About this task: Return every record verbatim, omitting all pictures.
━━━ Provided data ━━━
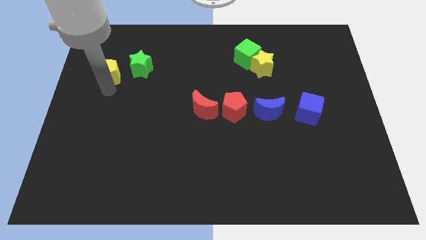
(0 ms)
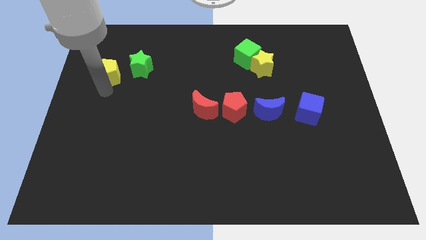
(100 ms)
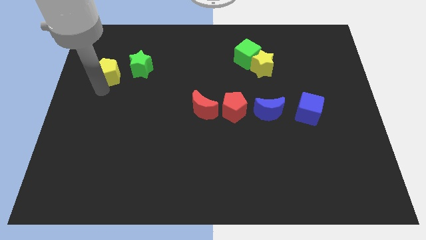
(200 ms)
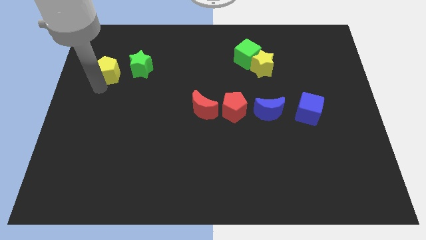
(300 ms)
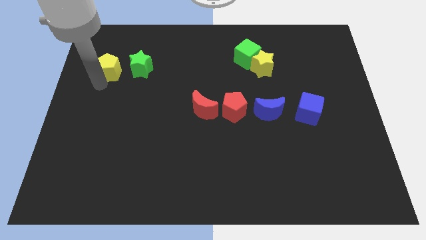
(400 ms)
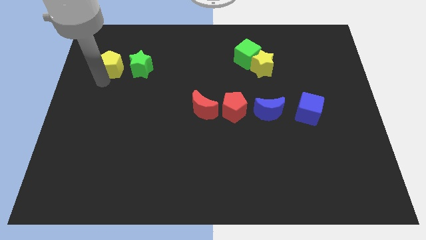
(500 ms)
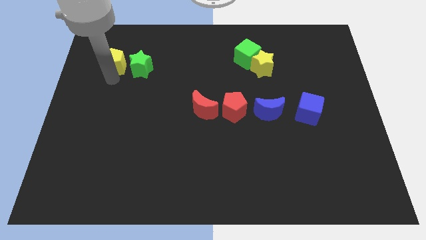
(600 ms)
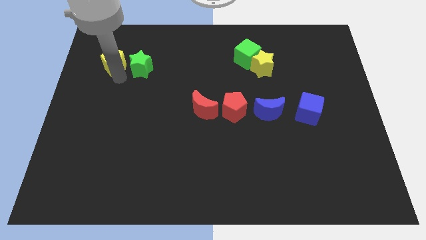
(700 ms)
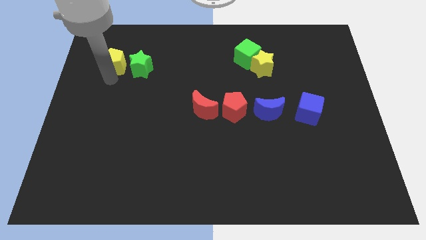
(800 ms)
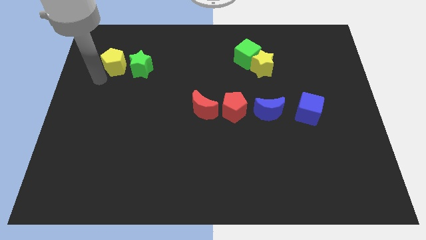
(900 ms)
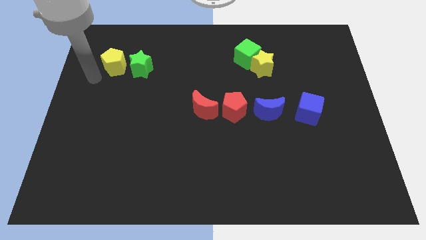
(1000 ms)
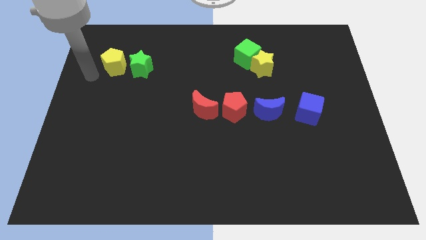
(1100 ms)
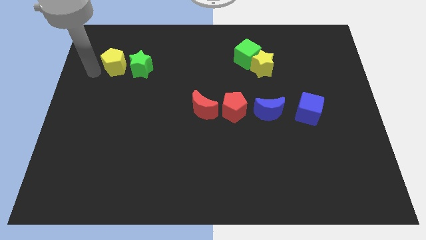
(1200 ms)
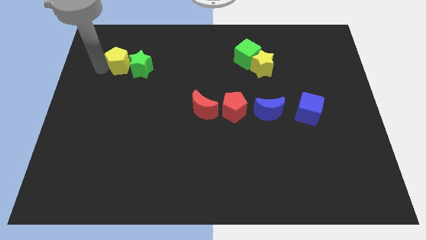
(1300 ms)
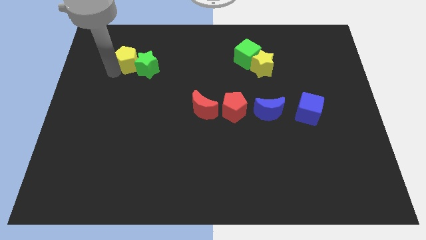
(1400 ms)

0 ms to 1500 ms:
push the yellow pentagon into the green star

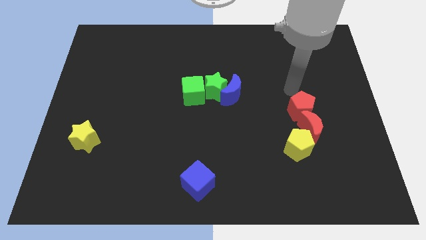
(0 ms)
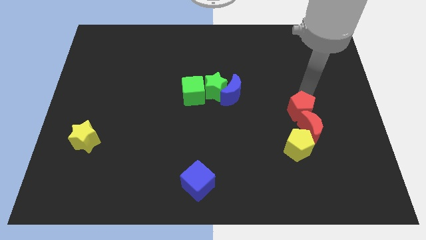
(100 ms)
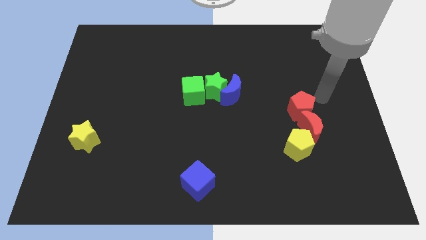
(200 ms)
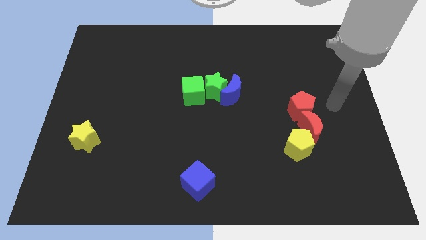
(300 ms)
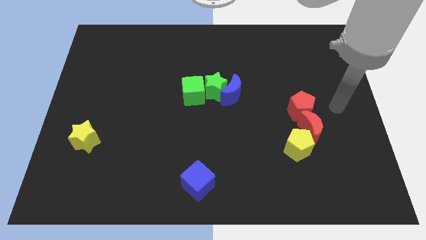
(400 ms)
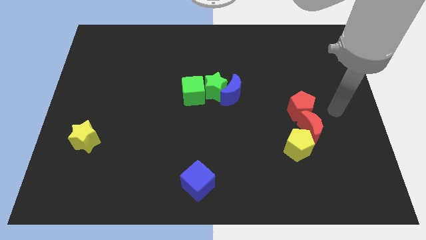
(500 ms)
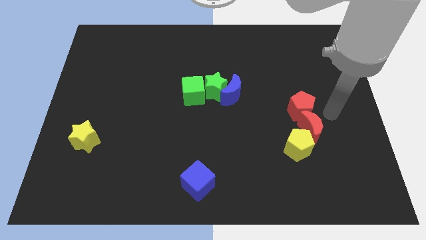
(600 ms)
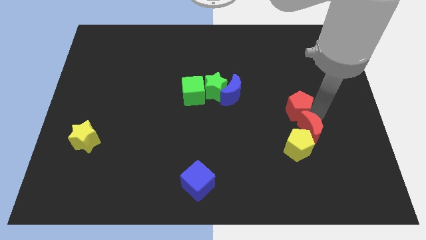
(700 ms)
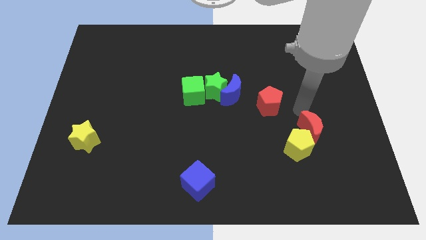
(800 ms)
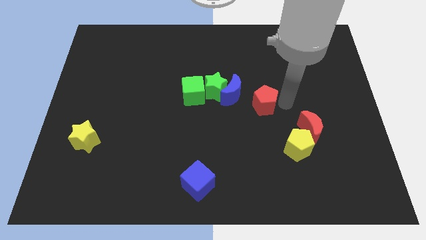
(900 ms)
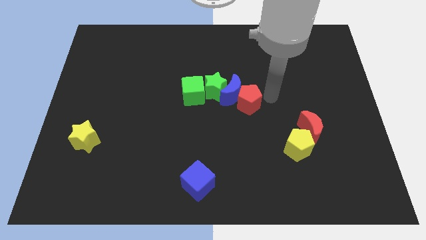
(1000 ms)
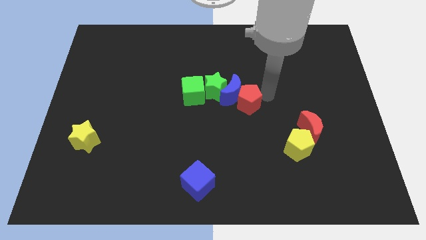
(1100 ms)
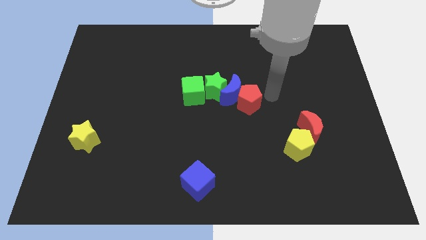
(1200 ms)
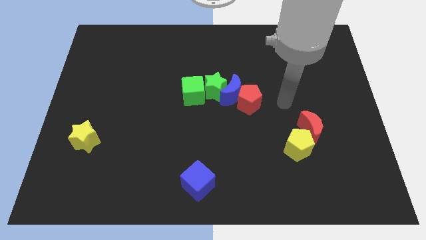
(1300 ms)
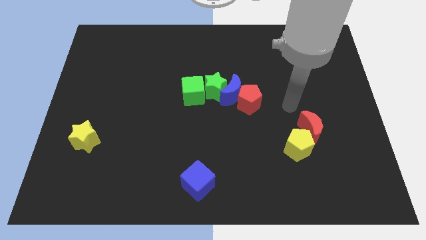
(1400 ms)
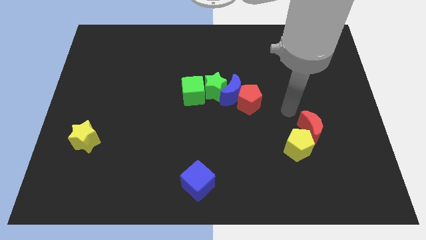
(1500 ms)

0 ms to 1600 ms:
slide the red pentagon into the blue moon

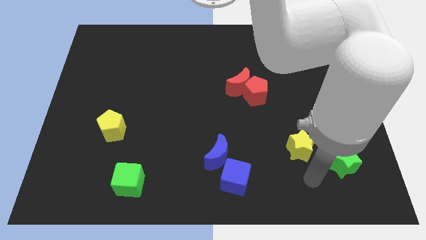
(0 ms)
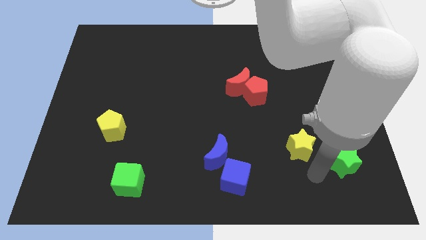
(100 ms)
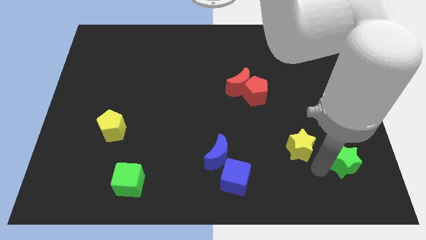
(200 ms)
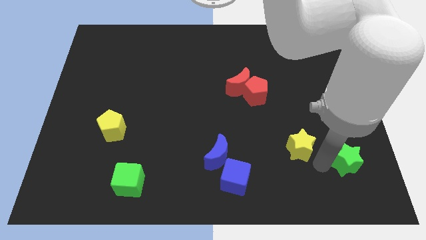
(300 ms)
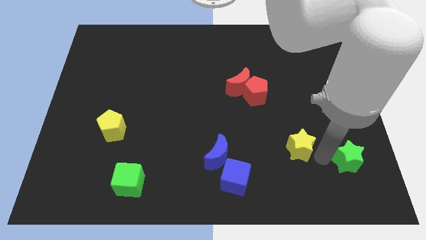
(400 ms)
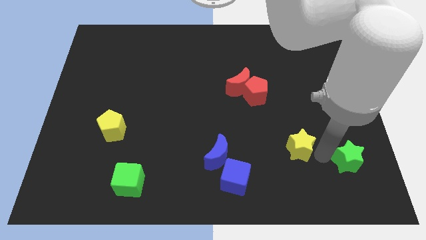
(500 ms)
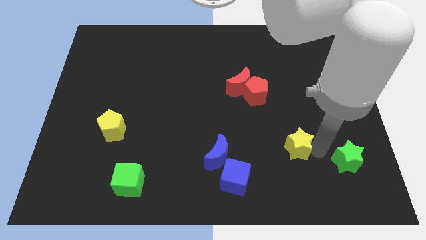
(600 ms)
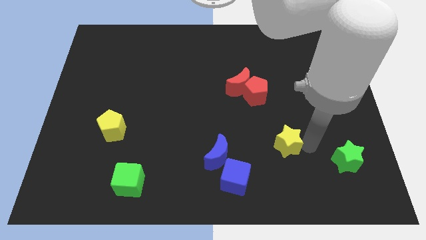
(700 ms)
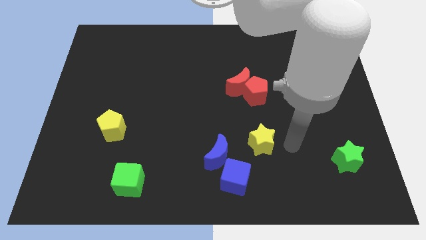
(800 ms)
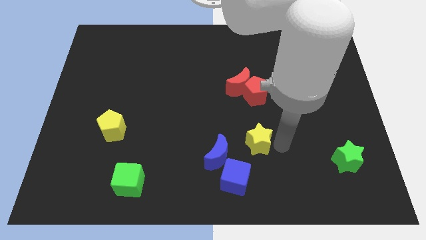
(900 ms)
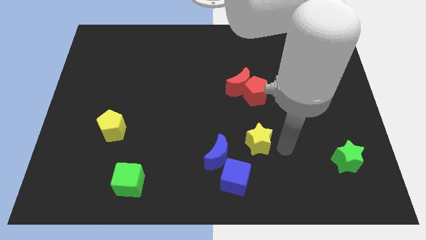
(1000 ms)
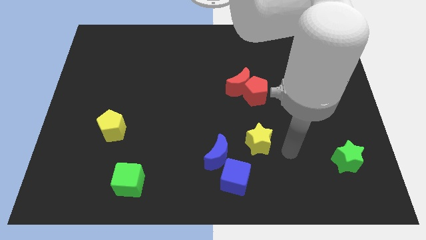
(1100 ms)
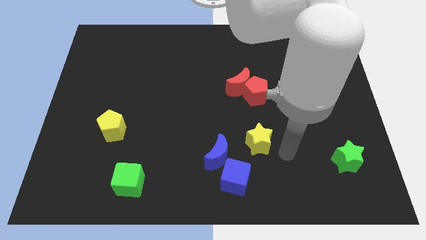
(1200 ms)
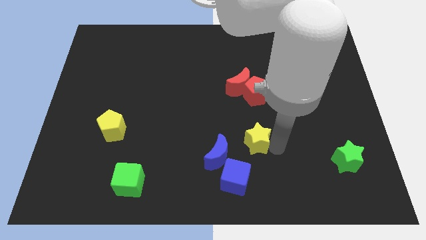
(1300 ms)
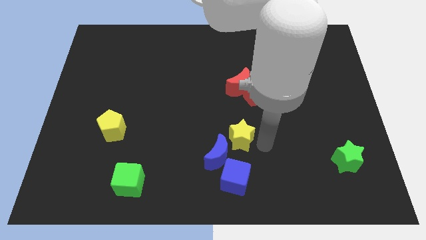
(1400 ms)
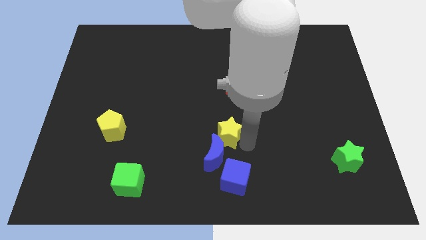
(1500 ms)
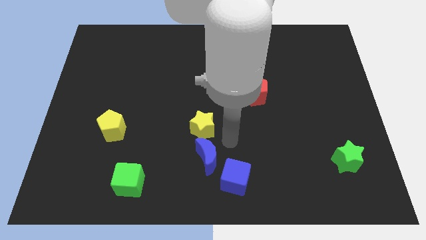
━━━
Exercise result:
(0 ms)
(100 ms)
(200 ms)
(300 ms)
(400 ms)
(500 ms)
(600 ms)
(700 ms)
(800 ms)
(900 ms)
(1000 ms)
(1100 ms)
(1200 ms)
(1300 ms)
(1400 ms)

0 ms to 1500 ms:
push the yellow pentagon into the green star

(0 ms)
(100 ms)
(200 ms)
(300 ms)
(400 ms)
(500 ms)
(600 ms)
(700 ms)
(800 ms)
(900 ms)
(1000 ms)
(1100 ms)
(1200 ms)
(1300 ms)
(1400 ms)
(1500 ms)

0 ms to 1600 ms:
slide the red pentagon into the blue moon

(0 ms)
(100 ms)
(200 ms)
(300 ms)
(400 ms)
(500 ms)
(600 ms)
(700 ms)
(800 ms)
(900 ms)
(1000 ms)
(1100 ms)
(1200 ms)
(1300 ms)
(1400 ms)
(1500 ms)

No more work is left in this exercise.